I do have waves of complete sadness and compassion for abusive people – to the point where I cry, because I don’t want their lives to be what they are – for ‘their’ sakes.

Then I wonder if this is unhealthy and I am being pulled back into their desire for me to feel sorry for them, when I know – they do not in any way feel any compassion, remorse or guilt for anything they do. And I know they ‘want’ people to feel sorry for them, so they can continue what they are doing.

These emotions confuse me.

And I know I do have empathy for even the worst types of abusive people. Like paedophiles, psychopaths, malignant narcissists.
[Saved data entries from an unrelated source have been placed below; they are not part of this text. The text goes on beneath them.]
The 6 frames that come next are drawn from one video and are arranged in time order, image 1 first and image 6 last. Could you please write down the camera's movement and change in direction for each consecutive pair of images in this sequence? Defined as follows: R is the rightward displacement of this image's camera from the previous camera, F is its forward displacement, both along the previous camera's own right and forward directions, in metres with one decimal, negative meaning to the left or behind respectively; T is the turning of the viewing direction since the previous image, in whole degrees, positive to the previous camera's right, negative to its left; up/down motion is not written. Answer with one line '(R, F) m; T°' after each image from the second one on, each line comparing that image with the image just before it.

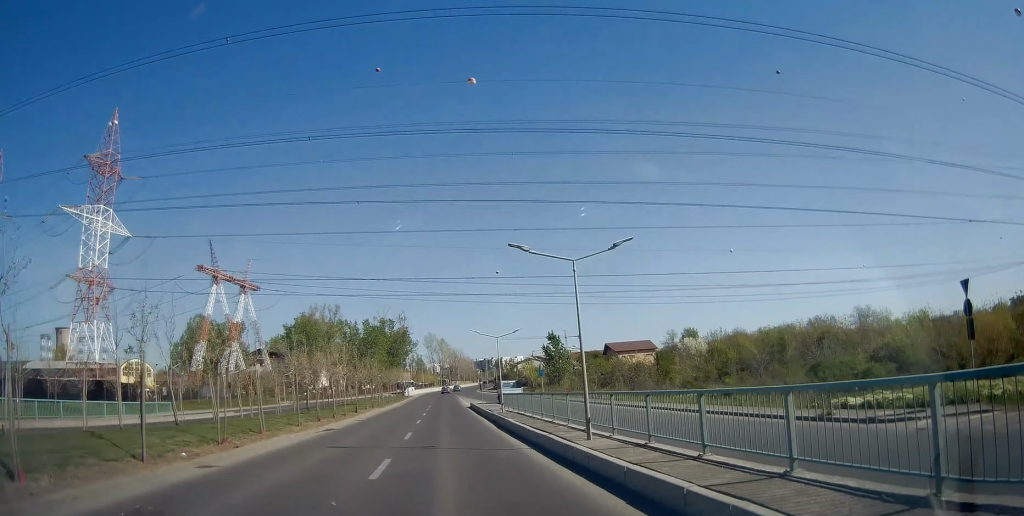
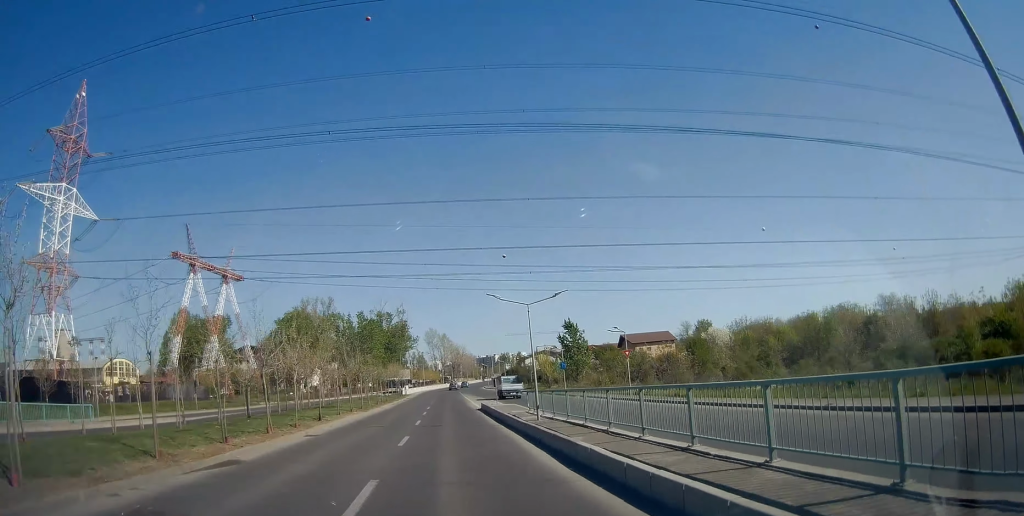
(-0.1, +11.5) m; 0°
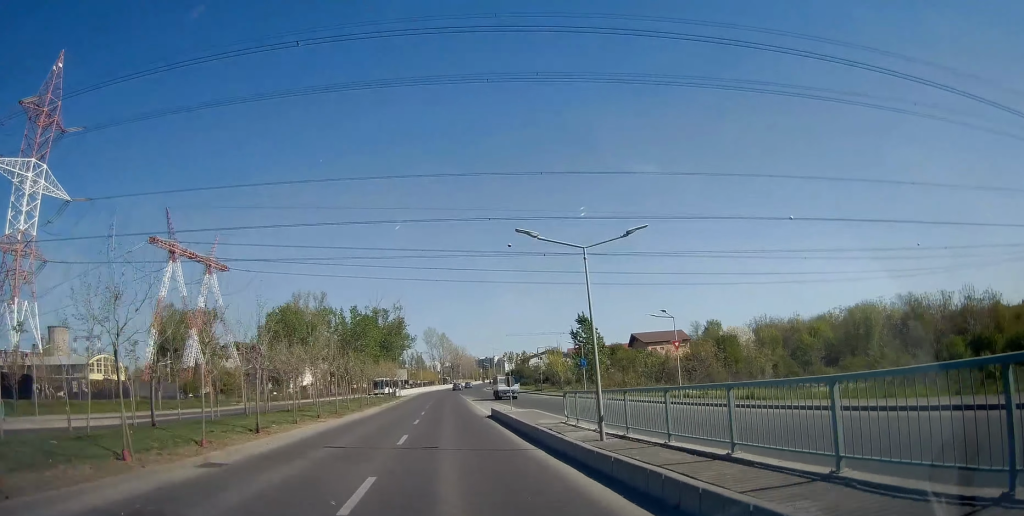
(0.0, +9.0) m; 0°
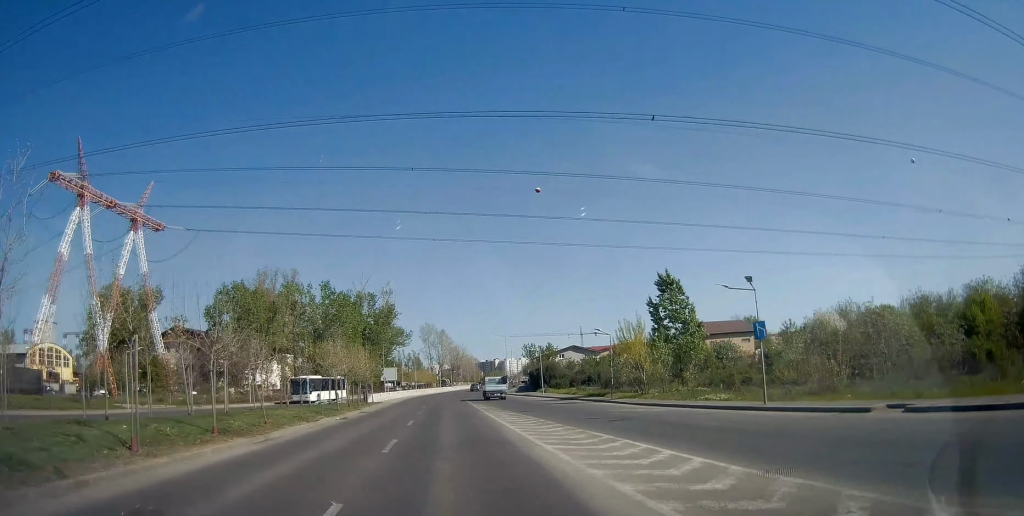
(0.0, +29.7) m; 0°
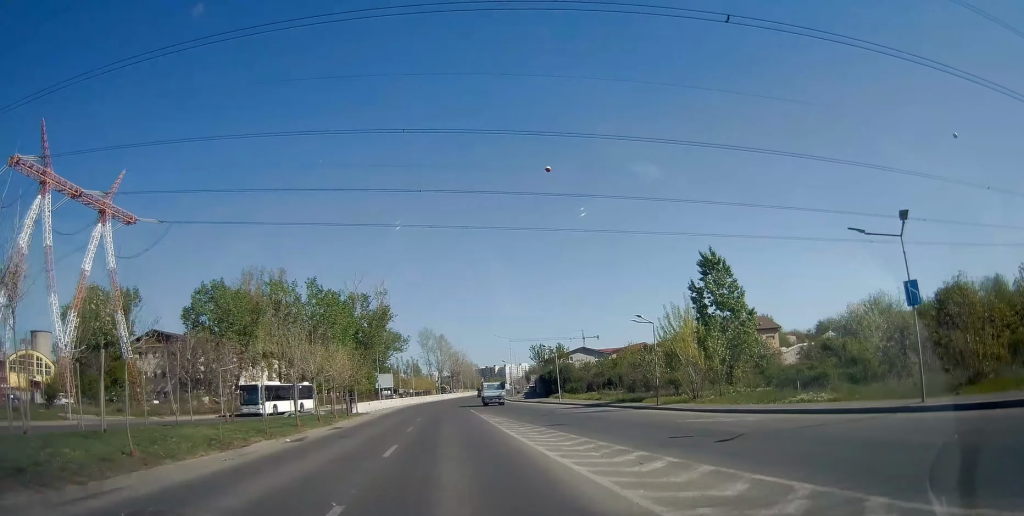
(0.0, +8.8) m; 0°
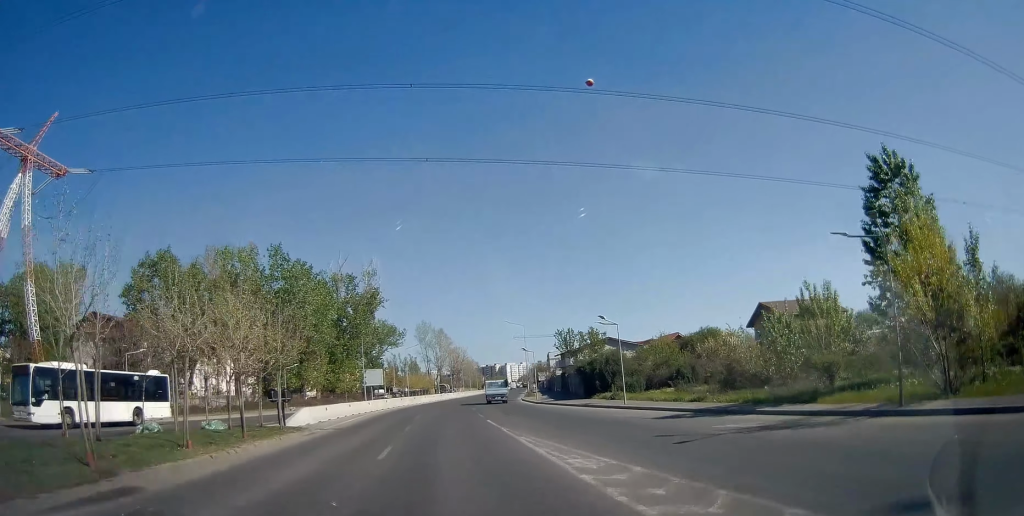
(0.0, +18.7) m; 0°

I struggle between having empathy……. and knowing this can be the slippery slope to what Satan wants.

I see others who think they have compassion, and mercy and forgiveness – and they enable abusers, minimize what they do, attach neutral words to who they are and what they do…… and think that’s wisdom. It’s not – it’s Satan’s work.

And I know it’s not wisdom.

But, I still can’t help feeling so sorry for anyone who is so fucked up, they choose dark, abusive needs, and enjoy it, or have no willingness to deal with what they truly are.

Some people tell me my empathy is wrong and unhealthy.

Some tell me it is good.

Some tell me it isn’t enough and I need to view them in positive/neutral ways.

I think of Christian music and songs that say everyone needs forgiveness, mercy, compassion. But so many church people and people claiming to be Christians, get this so wrong.

Yes, everyone does need mercy, compassion, forgiveness, grace ……. but in no way should that ever = enabling, condoning, minimizing, ignoring, avoiding or applying cheap grace.

I feel a great need within me – to make sure I am seeing this in the most healthy and wise way.

Am I there yet…… I really don’t know. But, I do see I am further along getting this, that many.